Activity -
Look through the material below and show every line with the word "size".

Input -
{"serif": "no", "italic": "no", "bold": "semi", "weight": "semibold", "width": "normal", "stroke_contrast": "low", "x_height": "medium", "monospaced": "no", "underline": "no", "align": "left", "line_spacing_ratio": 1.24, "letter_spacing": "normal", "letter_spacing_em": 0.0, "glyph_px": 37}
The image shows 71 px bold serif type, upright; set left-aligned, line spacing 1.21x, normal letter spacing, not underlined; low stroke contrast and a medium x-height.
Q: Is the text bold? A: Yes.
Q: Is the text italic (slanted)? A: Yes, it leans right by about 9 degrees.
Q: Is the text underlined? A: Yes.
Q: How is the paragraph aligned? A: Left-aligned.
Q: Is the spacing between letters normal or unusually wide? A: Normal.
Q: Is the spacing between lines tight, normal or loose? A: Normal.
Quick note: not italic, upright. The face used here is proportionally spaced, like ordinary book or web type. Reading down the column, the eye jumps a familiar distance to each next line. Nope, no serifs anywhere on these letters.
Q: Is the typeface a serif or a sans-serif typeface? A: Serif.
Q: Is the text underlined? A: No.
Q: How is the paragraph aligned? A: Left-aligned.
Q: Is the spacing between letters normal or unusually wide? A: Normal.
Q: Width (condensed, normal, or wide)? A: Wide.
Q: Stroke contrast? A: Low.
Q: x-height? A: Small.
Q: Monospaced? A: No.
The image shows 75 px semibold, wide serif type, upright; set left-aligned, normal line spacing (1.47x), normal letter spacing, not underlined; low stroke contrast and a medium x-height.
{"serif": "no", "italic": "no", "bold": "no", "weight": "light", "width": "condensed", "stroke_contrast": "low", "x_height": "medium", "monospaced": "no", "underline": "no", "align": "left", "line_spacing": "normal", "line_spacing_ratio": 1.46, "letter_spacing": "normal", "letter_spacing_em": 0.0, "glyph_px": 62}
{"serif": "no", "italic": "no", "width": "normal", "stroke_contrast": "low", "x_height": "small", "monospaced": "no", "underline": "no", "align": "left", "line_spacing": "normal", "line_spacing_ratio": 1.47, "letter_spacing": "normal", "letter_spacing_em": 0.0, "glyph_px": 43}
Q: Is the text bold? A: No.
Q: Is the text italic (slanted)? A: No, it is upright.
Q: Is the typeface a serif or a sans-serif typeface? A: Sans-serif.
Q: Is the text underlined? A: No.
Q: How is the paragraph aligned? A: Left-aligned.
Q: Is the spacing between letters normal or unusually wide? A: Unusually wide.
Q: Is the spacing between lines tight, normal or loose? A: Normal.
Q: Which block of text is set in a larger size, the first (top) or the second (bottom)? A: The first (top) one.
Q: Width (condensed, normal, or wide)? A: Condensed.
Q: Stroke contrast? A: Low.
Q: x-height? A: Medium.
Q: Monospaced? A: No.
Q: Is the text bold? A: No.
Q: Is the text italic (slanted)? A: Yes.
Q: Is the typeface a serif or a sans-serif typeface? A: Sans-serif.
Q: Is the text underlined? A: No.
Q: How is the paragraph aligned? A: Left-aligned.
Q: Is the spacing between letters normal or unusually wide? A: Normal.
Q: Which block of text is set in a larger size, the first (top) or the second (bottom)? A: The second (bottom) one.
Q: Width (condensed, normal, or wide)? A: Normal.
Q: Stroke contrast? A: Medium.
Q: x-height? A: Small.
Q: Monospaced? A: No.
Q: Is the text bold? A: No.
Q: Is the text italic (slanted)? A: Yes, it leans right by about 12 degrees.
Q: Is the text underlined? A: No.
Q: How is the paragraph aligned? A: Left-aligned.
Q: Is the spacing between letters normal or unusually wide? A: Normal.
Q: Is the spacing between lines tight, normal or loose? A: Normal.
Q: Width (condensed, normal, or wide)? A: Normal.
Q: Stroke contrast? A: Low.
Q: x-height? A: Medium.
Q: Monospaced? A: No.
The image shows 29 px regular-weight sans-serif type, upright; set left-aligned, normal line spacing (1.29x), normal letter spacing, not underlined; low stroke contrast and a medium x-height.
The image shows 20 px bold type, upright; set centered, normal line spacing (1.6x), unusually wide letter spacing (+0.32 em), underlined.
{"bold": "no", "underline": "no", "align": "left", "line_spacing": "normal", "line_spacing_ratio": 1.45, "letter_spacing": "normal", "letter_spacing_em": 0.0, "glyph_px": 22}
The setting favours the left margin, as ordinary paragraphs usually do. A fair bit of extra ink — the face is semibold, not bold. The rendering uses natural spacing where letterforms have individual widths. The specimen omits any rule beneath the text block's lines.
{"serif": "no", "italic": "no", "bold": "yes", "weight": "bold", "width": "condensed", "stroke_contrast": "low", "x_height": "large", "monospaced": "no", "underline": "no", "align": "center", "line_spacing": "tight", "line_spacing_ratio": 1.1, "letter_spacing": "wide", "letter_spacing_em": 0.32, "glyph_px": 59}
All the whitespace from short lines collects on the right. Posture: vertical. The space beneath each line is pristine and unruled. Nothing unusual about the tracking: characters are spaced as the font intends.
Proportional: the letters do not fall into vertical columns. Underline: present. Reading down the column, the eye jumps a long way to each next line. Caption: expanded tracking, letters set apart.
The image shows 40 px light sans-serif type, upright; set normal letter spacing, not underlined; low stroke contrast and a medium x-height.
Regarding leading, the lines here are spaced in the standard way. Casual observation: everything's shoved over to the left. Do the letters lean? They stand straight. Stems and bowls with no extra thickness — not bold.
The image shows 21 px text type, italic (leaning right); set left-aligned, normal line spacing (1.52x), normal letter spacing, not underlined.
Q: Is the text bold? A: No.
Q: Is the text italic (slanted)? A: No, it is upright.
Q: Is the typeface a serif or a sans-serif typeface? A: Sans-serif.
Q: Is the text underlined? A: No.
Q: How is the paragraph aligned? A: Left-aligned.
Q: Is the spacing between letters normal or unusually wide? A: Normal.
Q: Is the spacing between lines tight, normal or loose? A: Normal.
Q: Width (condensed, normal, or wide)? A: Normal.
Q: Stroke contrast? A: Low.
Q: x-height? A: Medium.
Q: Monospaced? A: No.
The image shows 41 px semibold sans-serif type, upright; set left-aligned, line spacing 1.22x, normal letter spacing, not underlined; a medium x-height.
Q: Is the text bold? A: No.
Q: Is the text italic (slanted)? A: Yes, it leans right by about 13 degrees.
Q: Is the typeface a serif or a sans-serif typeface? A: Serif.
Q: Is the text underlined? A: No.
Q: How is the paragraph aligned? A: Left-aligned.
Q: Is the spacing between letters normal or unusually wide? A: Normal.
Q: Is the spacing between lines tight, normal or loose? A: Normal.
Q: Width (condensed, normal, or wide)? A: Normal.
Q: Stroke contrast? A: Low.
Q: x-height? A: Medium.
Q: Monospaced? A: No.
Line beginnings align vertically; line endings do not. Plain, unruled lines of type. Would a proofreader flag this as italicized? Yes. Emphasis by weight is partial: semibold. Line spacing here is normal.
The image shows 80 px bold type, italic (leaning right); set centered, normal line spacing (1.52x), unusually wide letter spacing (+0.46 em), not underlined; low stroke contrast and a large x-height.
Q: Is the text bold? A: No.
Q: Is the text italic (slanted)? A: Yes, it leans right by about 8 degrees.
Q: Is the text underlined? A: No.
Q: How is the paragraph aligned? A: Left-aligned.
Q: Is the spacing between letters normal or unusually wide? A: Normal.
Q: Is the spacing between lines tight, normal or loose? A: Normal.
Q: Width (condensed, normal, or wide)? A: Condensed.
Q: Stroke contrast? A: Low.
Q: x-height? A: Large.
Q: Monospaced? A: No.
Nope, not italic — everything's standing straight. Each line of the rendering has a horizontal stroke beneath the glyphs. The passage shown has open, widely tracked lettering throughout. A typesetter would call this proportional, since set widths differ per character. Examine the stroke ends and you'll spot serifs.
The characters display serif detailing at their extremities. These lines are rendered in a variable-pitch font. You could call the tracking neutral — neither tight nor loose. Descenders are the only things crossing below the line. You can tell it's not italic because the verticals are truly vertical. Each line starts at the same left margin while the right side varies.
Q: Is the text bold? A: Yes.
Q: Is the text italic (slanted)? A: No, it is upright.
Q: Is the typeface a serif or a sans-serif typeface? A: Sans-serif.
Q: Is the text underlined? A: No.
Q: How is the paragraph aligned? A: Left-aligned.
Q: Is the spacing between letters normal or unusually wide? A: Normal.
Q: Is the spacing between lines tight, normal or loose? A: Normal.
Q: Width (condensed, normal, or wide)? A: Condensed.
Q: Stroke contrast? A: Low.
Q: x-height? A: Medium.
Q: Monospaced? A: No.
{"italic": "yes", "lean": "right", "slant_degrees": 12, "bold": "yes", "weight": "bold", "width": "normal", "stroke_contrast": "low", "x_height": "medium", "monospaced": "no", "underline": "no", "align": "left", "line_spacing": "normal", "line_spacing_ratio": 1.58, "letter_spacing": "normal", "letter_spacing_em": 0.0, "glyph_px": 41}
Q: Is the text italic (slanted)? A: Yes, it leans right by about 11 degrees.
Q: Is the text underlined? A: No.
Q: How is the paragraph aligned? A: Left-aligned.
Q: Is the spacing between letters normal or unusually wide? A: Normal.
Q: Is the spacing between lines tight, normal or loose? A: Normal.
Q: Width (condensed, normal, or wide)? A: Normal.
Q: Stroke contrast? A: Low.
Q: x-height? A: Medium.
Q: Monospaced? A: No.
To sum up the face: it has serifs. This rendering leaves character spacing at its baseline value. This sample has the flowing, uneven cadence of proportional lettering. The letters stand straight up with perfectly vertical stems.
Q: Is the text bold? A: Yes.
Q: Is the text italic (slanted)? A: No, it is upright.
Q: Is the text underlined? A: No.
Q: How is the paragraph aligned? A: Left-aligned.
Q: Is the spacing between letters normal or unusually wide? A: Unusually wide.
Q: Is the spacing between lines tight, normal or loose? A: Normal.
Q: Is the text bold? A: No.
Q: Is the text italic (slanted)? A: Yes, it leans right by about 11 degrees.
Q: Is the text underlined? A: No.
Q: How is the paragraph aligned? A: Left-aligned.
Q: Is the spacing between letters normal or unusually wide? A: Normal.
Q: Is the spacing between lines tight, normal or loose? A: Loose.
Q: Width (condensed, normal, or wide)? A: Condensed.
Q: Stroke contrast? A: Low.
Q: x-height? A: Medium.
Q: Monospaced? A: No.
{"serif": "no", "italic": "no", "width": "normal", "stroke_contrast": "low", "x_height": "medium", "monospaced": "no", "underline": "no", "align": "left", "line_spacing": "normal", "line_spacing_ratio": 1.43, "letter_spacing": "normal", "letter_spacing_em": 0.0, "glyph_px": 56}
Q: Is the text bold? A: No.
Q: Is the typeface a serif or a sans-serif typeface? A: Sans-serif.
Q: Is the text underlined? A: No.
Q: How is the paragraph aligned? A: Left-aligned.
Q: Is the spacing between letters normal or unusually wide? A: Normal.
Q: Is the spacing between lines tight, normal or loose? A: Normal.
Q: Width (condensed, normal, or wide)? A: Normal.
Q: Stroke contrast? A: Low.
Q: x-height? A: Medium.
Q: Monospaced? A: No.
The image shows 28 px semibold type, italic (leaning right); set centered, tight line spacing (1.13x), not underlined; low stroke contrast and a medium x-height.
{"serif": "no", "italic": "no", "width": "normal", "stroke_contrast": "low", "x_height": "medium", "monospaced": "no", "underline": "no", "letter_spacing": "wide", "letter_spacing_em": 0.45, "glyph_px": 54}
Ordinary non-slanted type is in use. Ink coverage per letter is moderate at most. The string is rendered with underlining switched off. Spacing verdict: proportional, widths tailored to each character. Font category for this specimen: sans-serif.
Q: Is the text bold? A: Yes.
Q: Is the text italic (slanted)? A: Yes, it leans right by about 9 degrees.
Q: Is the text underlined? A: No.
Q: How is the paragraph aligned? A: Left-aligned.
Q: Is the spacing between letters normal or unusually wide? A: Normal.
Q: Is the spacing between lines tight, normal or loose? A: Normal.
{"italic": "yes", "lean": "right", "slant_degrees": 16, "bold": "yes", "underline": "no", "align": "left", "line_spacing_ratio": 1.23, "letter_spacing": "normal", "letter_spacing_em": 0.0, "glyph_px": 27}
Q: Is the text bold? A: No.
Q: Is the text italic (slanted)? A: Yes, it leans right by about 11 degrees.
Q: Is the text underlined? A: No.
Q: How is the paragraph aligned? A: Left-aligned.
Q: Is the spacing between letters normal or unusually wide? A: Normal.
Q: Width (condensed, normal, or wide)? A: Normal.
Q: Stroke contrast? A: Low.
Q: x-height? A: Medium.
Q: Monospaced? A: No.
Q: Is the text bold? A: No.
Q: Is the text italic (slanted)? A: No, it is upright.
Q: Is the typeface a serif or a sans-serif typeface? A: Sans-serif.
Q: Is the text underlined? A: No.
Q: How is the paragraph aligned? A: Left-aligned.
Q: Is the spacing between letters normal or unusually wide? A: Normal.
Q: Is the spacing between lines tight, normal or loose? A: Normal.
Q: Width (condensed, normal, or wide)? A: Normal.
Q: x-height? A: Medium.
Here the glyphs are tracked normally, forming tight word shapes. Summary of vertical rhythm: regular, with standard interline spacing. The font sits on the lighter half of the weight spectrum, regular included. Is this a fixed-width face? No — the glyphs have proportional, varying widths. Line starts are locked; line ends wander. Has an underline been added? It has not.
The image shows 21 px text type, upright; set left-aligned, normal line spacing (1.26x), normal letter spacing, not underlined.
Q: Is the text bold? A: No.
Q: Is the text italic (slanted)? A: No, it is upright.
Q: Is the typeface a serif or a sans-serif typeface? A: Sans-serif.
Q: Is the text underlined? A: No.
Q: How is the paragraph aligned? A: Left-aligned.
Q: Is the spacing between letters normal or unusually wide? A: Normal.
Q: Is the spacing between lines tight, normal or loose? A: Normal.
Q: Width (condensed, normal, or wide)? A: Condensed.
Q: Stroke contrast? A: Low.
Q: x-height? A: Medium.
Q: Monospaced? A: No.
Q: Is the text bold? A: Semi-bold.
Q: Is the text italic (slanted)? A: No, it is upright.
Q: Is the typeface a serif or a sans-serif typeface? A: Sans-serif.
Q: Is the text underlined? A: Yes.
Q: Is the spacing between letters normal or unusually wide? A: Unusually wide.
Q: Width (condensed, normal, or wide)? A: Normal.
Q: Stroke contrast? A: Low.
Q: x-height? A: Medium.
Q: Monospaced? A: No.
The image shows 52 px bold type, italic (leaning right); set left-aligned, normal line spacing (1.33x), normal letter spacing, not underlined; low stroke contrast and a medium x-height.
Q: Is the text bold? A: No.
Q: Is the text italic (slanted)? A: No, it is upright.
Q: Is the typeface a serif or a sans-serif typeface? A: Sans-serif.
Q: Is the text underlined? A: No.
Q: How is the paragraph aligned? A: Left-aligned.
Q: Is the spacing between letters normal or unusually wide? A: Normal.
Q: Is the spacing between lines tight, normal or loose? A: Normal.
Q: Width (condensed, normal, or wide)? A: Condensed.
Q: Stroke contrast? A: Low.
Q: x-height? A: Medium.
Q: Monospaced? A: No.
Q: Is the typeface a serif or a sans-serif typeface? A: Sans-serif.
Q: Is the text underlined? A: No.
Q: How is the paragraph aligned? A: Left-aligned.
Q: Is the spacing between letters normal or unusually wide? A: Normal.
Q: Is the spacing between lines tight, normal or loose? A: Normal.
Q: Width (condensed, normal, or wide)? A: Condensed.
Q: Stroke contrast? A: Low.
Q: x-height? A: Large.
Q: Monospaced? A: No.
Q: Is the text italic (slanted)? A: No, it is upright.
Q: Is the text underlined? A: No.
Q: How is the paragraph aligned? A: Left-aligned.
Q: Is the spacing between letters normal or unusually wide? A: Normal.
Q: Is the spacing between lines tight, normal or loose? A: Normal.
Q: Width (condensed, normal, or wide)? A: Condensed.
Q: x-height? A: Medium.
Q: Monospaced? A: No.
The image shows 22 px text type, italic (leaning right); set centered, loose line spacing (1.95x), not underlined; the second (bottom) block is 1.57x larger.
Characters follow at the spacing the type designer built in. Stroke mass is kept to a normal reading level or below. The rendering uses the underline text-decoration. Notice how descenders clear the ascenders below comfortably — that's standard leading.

Task result -
Q: Which block of text is set in a larger size, the first (top) or the second (bottom)? A: The first (top) one.
Q: Which block of text is set in a larger size, the first (top) or the second (bottom)? A: The second (bottom) one.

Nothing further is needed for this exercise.